Tibetan medical named entity recognition (Tibetan MNER) involves extracting specific types of medical entities from unstructured Tibetan medical texts. Tibetan MNER provide important data support for the work related to Tibetan medicine. However, existing Tibetan MNER methods often struggle to comprehensively capture multi-level semantic information, failing to sufficiently extract multi-granularity features and effectively filter out irrelevant information, which ultimately impacts the accuracy of entity recognition. This paper proposes an improved embedding representation method called syllable–word–sentence embedding. By leveraging features at different granularities and using un-scaled dot-product attention to focus on key features for feature fusion, the syllable–word–sentence embedding is integrated into the transformer, enhancing the specificity and diversity of feature representations.

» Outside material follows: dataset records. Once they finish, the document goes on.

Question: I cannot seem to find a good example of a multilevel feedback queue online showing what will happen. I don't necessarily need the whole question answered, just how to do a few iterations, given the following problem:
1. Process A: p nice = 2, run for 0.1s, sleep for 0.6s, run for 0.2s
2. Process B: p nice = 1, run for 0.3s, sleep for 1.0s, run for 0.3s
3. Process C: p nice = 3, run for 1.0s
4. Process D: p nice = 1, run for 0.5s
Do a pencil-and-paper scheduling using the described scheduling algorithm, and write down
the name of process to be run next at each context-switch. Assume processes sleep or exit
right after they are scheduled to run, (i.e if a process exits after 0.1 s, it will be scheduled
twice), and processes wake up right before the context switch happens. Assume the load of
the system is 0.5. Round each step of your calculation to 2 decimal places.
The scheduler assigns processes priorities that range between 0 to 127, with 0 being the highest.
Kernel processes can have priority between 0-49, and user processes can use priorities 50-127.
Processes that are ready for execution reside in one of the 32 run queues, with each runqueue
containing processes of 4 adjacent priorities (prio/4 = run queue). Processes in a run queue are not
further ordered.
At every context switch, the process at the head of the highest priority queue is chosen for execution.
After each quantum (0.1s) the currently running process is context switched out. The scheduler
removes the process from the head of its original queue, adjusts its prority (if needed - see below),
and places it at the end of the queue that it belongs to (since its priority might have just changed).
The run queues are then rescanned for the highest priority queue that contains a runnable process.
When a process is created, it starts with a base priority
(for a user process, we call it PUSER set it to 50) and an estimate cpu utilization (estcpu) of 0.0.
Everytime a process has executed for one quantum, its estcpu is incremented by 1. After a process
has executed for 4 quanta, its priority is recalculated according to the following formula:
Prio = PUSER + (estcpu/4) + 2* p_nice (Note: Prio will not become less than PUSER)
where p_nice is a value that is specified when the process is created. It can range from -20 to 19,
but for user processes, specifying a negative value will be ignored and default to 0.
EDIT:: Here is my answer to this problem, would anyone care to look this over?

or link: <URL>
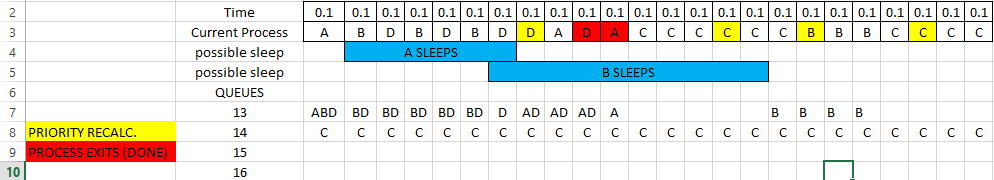
Answer: The first thing to do is set up the starting state and define terms of reference. P(X) will be the priority of process X at quantum 't'; E(X) will be the estimated CPU usage of process X at quantum 't'; T(X) will be the number of quanta left until the next state change. S(X) will be the process's state -- R = runnable, S = sleeping, D = dead. A process X has a niceness N(X). There are multiple queues, Q being the queue for priorities . We're dealing with user processes, so each process X is scheduled at priority P(X) = PUSER + E(X)/4 + 2 * N(X), and the initial estimated CPU is given by E(X) = 0.
N(A) = 2; N(B) = 1; N(C) = 3; N(D) = 1.
Initially, P(A) = 54 (50 + 0 + 2 * 2); P(B) = 52, P(C) = 56; P(D) = 52. Hence, A, B and D are on Q, and C is on Q. For sake of contrariness, D is at the front of Q, followed by B, followed by A.
For the next quantum, the scheduler chooses the process at the front of Q, which is D. D runs for the quantum (and has 4 quanta left to run at the end, and E(D) = 1). It is placed on the back of Q, and the next process, B, is run for a quantum (so E(B) = 1, and it has 2 quanta left before it snoozes. It is placed on the back of Q, and A runs for the next quantum, and so on.
You need to devise a 'pencil and paper' notation to record what's going on.
'''
---- A ---- ---- B ---- ---- C ---- ---- D ----
t R P E S T P E S T P E S T P E S T Q13 Q14
0 D 54 0 R 1 52 0 R 3 56 0 R 10 52 0 R 5 D,B,A C
1 B 54 0 R 1 52 0 R 3 56 0 R 10 53 1 R 4 B,A,D C
2 A 54 0 R 1 53 1 R 2 56 0 R 10 53 1 R 4 A,D,B C
3 D 55 1 S 6 53 1 R 2 56 0 R 10 53 1 R 4 D,B,A C
4 B 55 1 S 5 53 1 R 2 56 0 R 10 54 2 R 4 B,A,D C
'''
and so the process continues. Eventually, processes will go to sleep for a number of quanta (note that the time remaining for a sleeping process decreases on each quantum, not when it might have been scheduled), or will die (never run again), etc. You need to be careful to understand that the line records the state at the start of a quantum.

The model leverages multi-level and multi-granularity semantic information, thereby improving the performance of Tibetan MNER. We evaluate our proposed model on datasets from various domains. The results indicate that the model effectively identified three types of entities in the Tibetan news dataset we constructed, achieving an F1 score of 93.59%, which represents an improvement of 1.24% compared to the vanilla FLAT. Additionally, results from the Tibetan medical dataset we developed show that it is effective in identifying five kinds of medical entities, with an F1 score of 71.39%, which is a 1.34% improvement over the vanilla FLAT.

本文提出了一种改进的嵌入表示方法——音节-词-句嵌入。通过利用不同粒度的特征,利用无尺度点积关注集中关键特征进行特征融合,将音节-词-句嵌入融入到特征表示中,增强了特征表示的专一性和多样性。我们在不同领域的数据集上评估了我们提出的模型。59%,与香草FLAT相比提高了1.24%。39%,比vanilla FLAT提高了1.34%。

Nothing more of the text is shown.